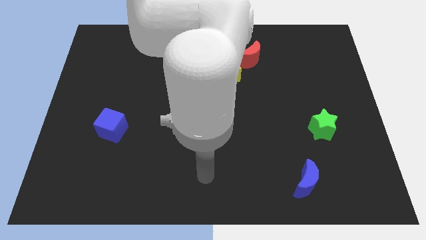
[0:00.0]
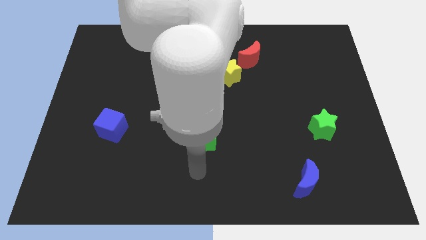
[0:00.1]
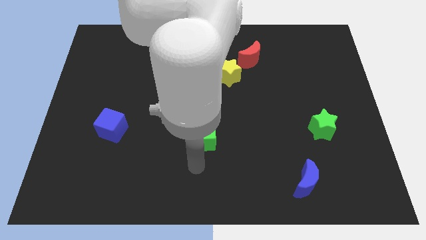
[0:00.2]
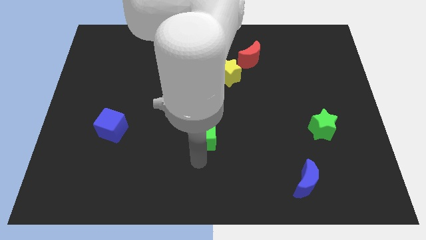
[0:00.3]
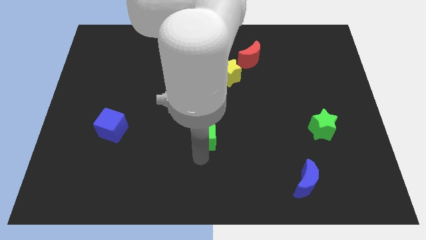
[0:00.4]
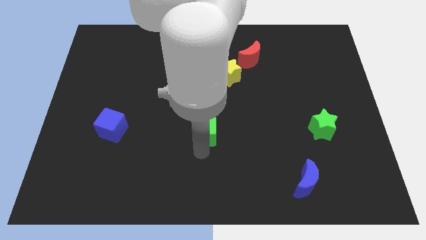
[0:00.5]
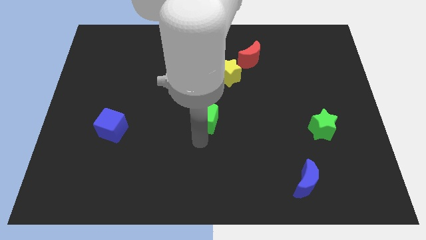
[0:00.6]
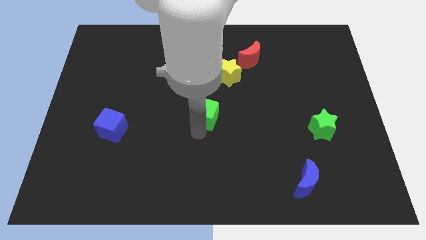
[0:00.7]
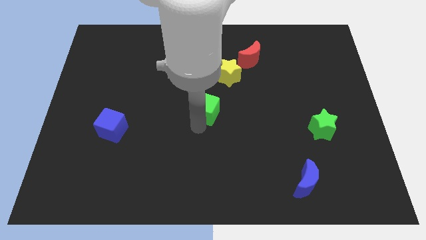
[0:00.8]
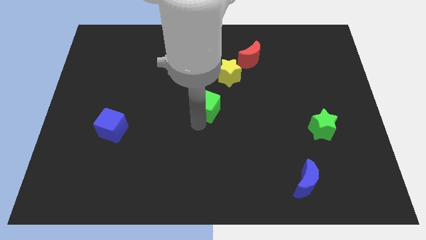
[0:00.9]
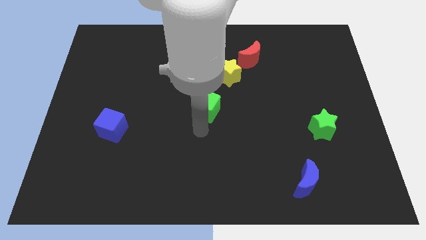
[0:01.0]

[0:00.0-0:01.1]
drag the green cube upwards
******
--- Problem to work on ---
The answer is the listing above restated word for word, pictures removed.

--- Answer space ---
[0:00.0]
[0:00.1]
[0:00.2]
[0:00.3]
[0:00.4]
[0:00.5]
[0:00.6]
[0:00.7]
[0:00.8]
[0:00.9]
[0:01.0]

[0:00.0-0:01.1]
drag the green cube upwards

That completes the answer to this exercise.